Storage technology and application refreshing
Another issue the information repository resolves is the problem created as old storage technologies are phased out. As new media technologies are implemented, simple migration policies can move data from media technologies being phased out onto the newer media.
It can also eliminate the problem of keeping archived data in-step with current application versions by putting the data through an application refresh. In this scenario, data is located and opened with a current version of the application software that created it. It is then saved to a network storage location that acts as an ingest point into the information repository. This ensures that data remains viable over long archive durations.
By implementing an information repository, businesses can solve the problem of information management and data proliferation in their current storage environments and invest in new storage hardware technologies only as the need arises to scale their information repository. Unlike traditional storage solutions that try to meet the challenges of data management and data proliferation by increasing the amount of available storage, information repositories have the potential to reduce the size of storage environments while simultaneously ensuring that all of the data being preserved is easily found, recovered, and is totally usable.
In short, the information repository is an easily deployable, easily scalable, policy driven, federated secondary tier of information storage with robust search and recover functionality.
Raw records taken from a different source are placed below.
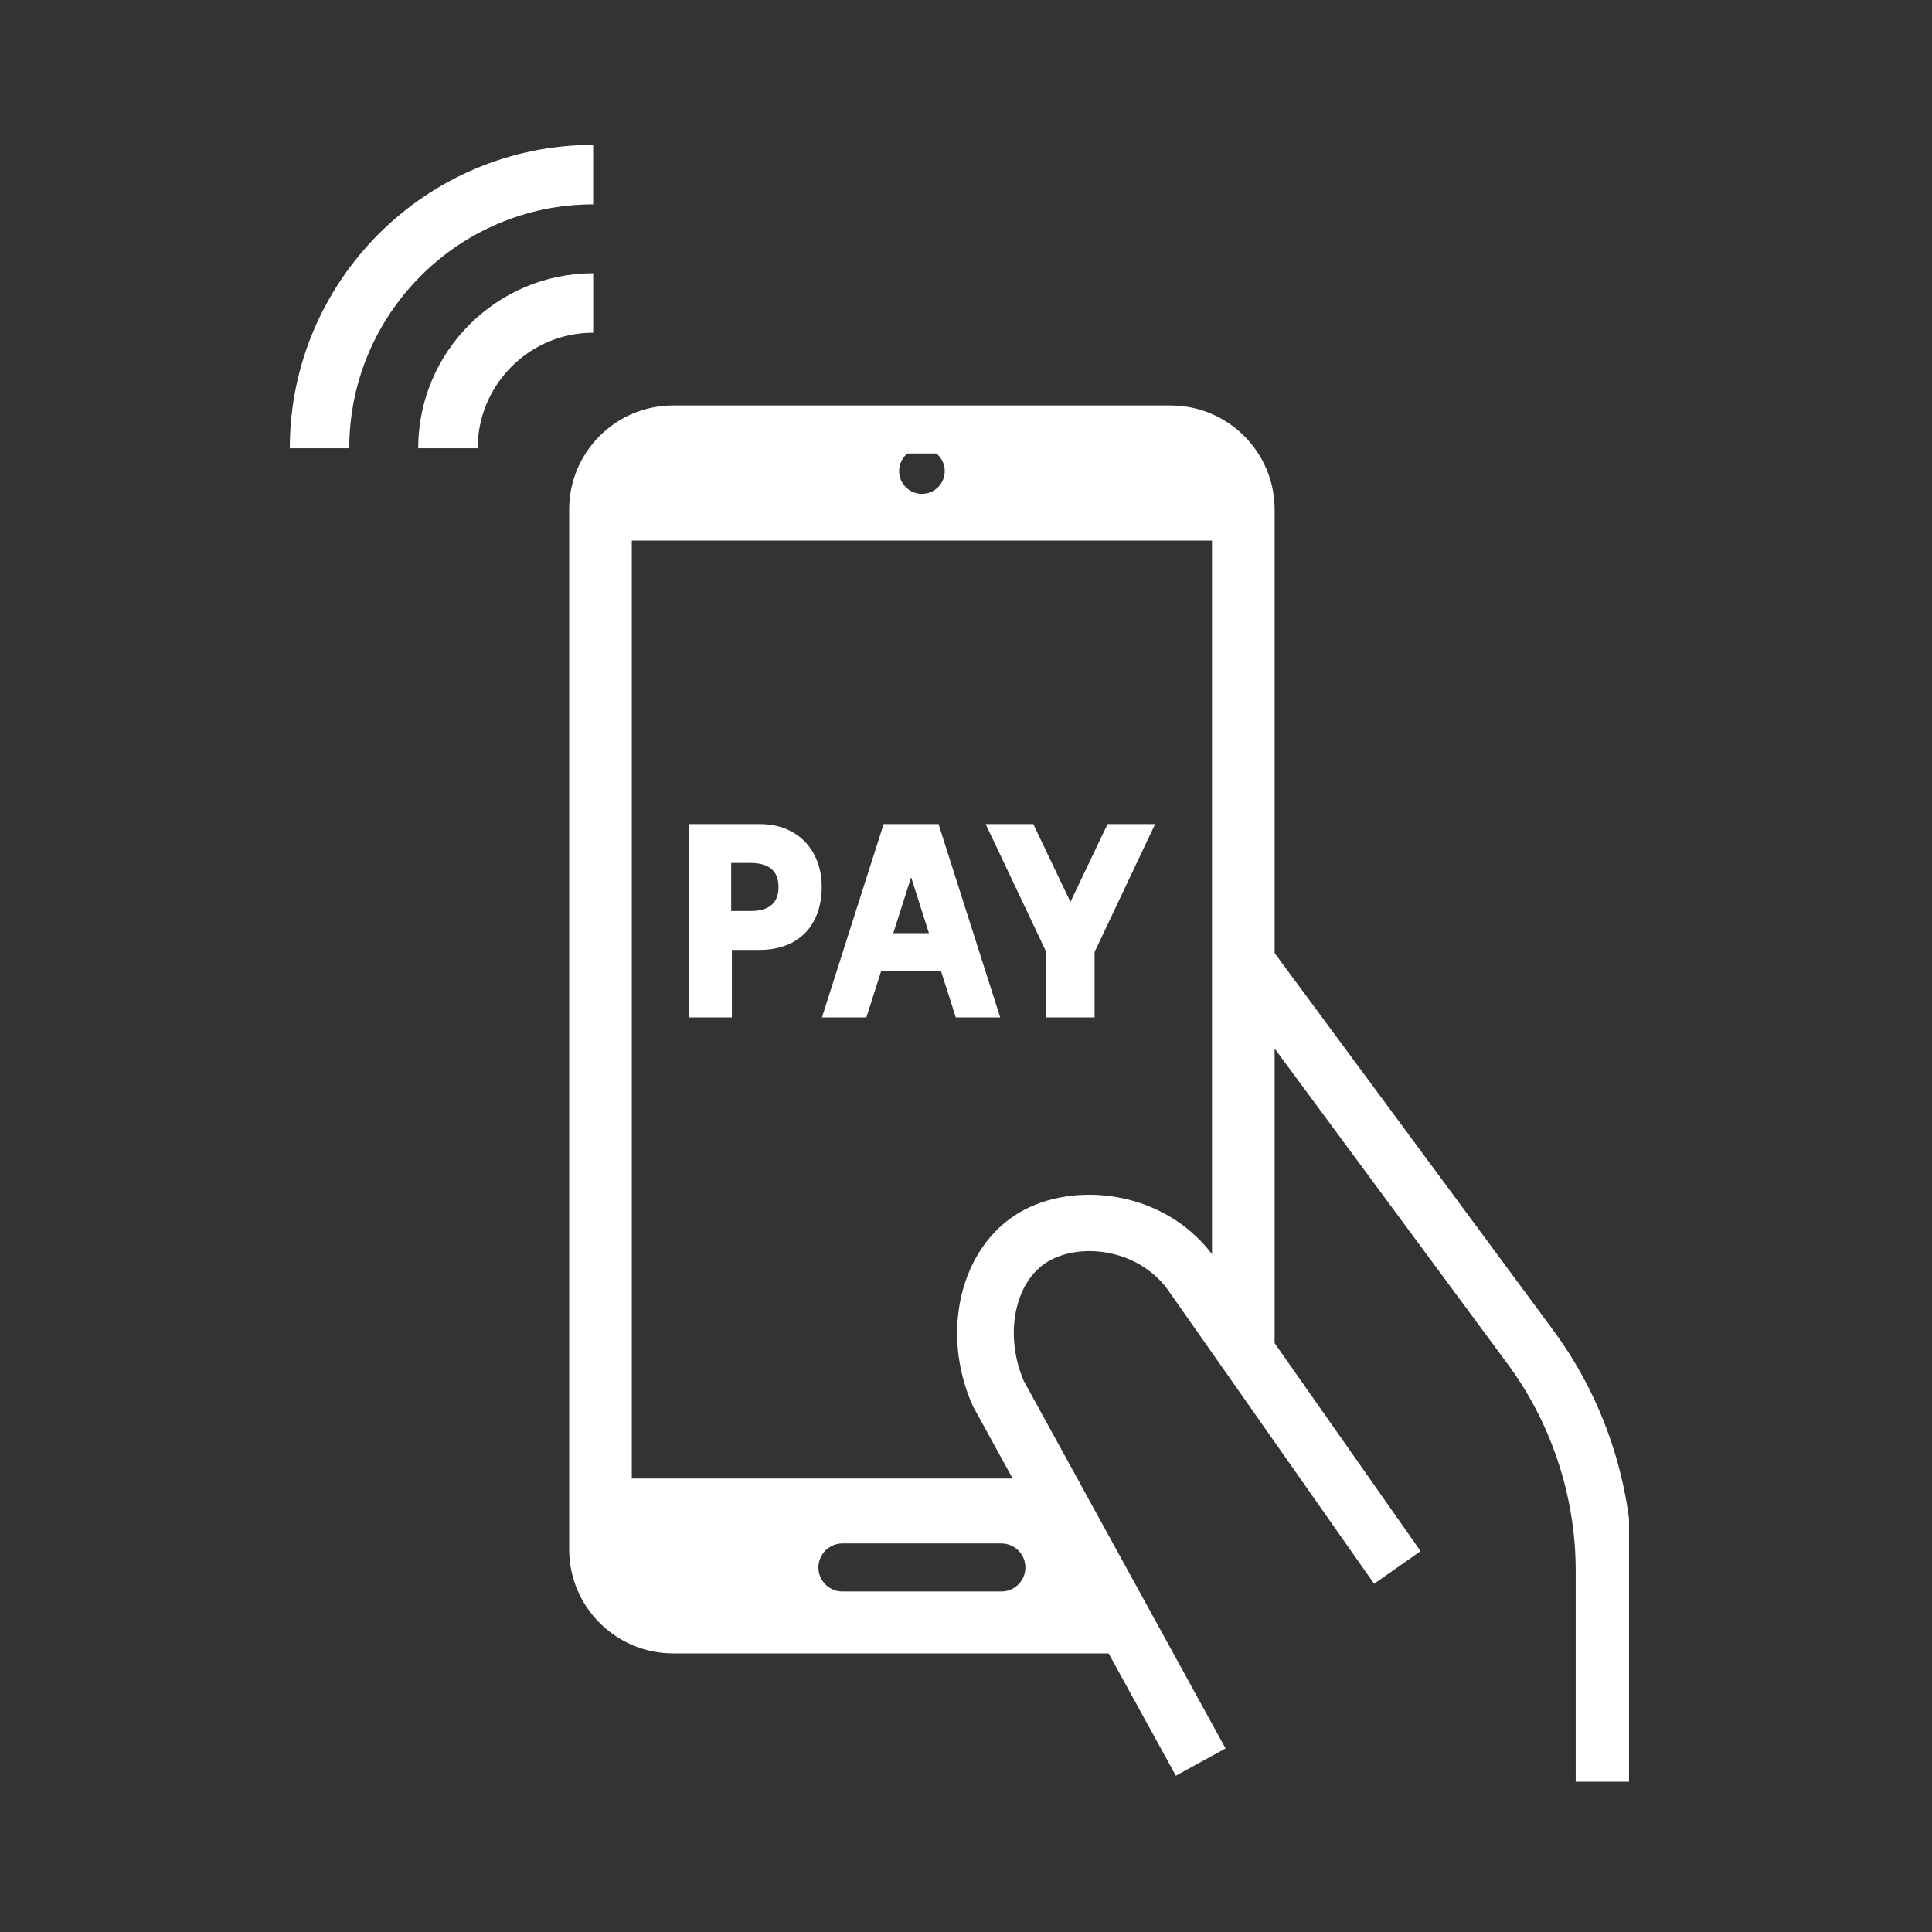 <svg width="55" height="55" viewBox="0 0 55 55" fill="none" xmlns="http://www.w3.org/2000/svg">
<rect x="0" y="0" width="55" height="55" fill="#333333" stroke="none"/>
<g clip-path="url(#clip0_1_1225)">
<path d="M44.161 37.792L36.286 27.132V14.503C36.286 12.87 34.958 11.543 33.325 11.543H19.164C17.531 11.543 16.203 12.87 16.203 14.503V44.109C16.203 45.741 17.531 47.069 19.164 47.069H31.561L33.474 50.551L34.889 49.774L29.146 39.315C28.578 37.996 28.885 36.474 29.838 35.91C30.761 35.365 32.379 35.553 33.229 36.694L39.118 45.087L40.441 44.158L36.286 38.237V29.85L42.865 38.757C44.15 40.463 44.857 42.578 44.857 44.713V50.819H46.472V44.713C46.472 42.23 45.649 39.77 44.159 37.792L44.161 37.792ZM25.833 12.909H26.657C26.802 13.027 26.895 13.208 26.895 13.41C26.895 13.769 26.604 14.06 26.245 14.06C25.887 14.06 25.596 13.769 25.596 13.41C25.596 13.208 25.688 13.027 25.833 12.909ZM28.508 45.306H23.982C23.604 45.306 23.298 45 23.298 44.623C23.298 44.245 23.604 43.939 23.982 43.939H28.508C28.885 43.939 29.191 44.245 29.191 44.623C29.191 45 28.885 45.306 28.508 45.306ZM29.016 34.52C27.346 35.508 26.761 37.914 27.683 39.999L27.697 40.031L28.828 42.09H17.986V15.389H34.503V35.703C33.116 33.873 30.555 33.61 29.016 34.52Z" fill="white"/>
<path d="M21.643 23.461H19.606V28.963H20.835V27.042H21.623C22.724 27.042 23.393 26.353 23.393 25.245C23.393 24.211 22.711 23.461 21.643 23.461H21.643ZM21.372 25.935H20.815V24.567H21.365C21.811 24.567 22.163 24.731 22.163 25.251C22.163 25.771 21.811 25.935 21.372 25.935Z" fill="white"/>
<path d="M25.155 23.461L23.399 28.963H24.664L25.088 27.633H26.785L27.209 28.963H28.474L26.718 23.461H25.154H25.155ZM25.43 26.565L25.938 24.974L26.445 26.565H25.43Z" fill="white"/>
<path d="M30.473 25.676L29.416 23.461H28.06L29.784 27.099V28.963H31.161V27.099L32.884 23.461H31.529L30.473 25.676Z" fill="white"/>
<path d="M16.887 7.779C14.14 7.779 11.905 10.014 11.905 12.761H13.598C13.598 10.948 15.074 9.472 16.887 9.472V7.779Z" fill="white"/>
<path d="M16.886 5.818V4.125C12.125 4.125 8.25 8 8.25 12.761H9.943C9.943 8.933 13.058 5.818 16.886 5.818Z" fill="white"/>
</g>
<defs>
<clipPath id="clip0_1_1225">
<rect width="38.125" height="46.597" fill="white" transform="translate(8.25 4.125)"/>
</clipPath>
</defs>
</svg>

It can comprise multiple, already in place networked data storage technologies running on diverse operating systems. Because of this, it provides configuration flexibility, virtually limitless extensibility, redundancy, and reliable failover. Net benefits include reduced proliferation of lower priority data in primary and secondary storage, less primary and secondary storage needs, better efficiency, lower costs, and more cost effective management and utilization of corporate information assets.